■ DATA SECTION ■

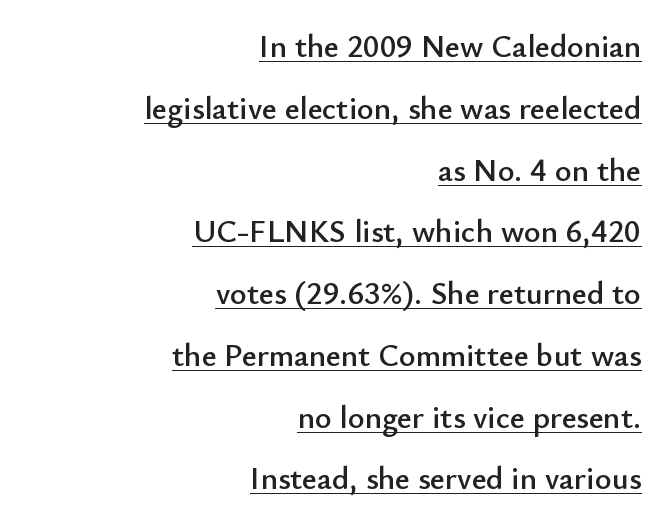
These lines were composed using upright roman letters. Letter spacing: default. A sans-serif font was chosen for this passage. You could fit nearly another row in the gap between these rows. Caption: lettering with a line underneath. This rendering uses right alignment, leaving the left contour irregular.
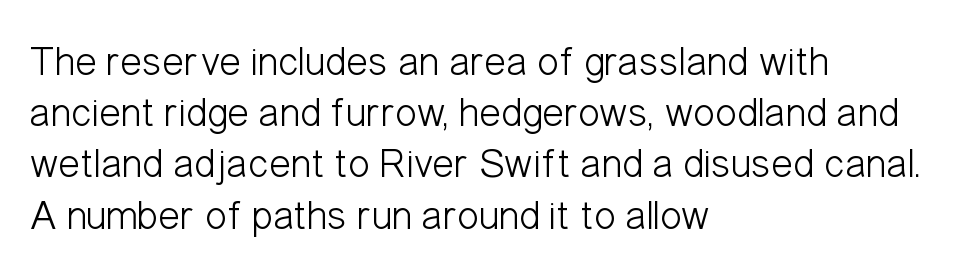
{"serif": "no", "italic": "no", "bold": "no", "weight": "light", "width": "condensed", "stroke_contrast": "low", "x_height": "medium", "monospaced": "no", "underline": "no", "align": "left", "line_spacing": "normal", "line_spacing_ratio": 1.25, "letter_spacing": "normal", "letter_spacing_em": 0.0, "glyph_px": 41}
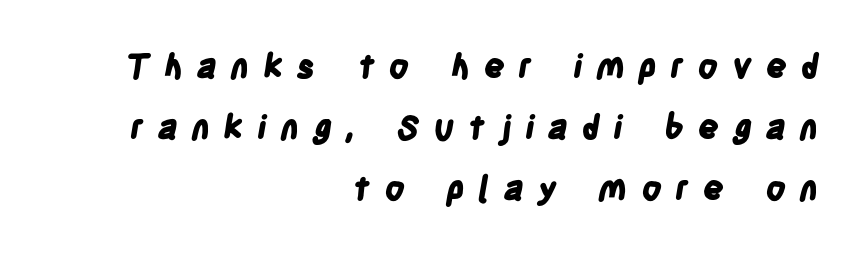
{"serif": "no", "bold": "yes", "weight": "bold", "width": "condensed", "stroke_contrast": "low", "x_height": "large", "monospaced": "no", "underline": "no", "align": "right", "line_spacing_ratio": 1.85, "letter_spacing": "wide", "letter_spacing_em": 0.41, "glyph_px": 33}

■ WORK TO COMPLETE ■
Whenever a line in the listing above includes the word "left", return that line.

■ TASK OUTPUT ■
These lines were composed using upright roman letters. Letter spacing: default. A sans-serif font was chosen for this passage. You could fit nearly another row in the gap between these rows. Caption: lettering with a line underneath. This rendering uses right alignment, leaving the left contour irregular.
{"serif": "no", "italic": "no", "bold": "no", "weight": "light", "width": "condensed", "stroke_contrast": "low", "x_height": "medium", "monospaced": "no", "underline": "no", "align": "left", "line_spacing": "normal", "line_spacing_ratio": 1.25, "letter_spacing": "normal", "letter_spacing_em": 0.0, "glyph_px": 41}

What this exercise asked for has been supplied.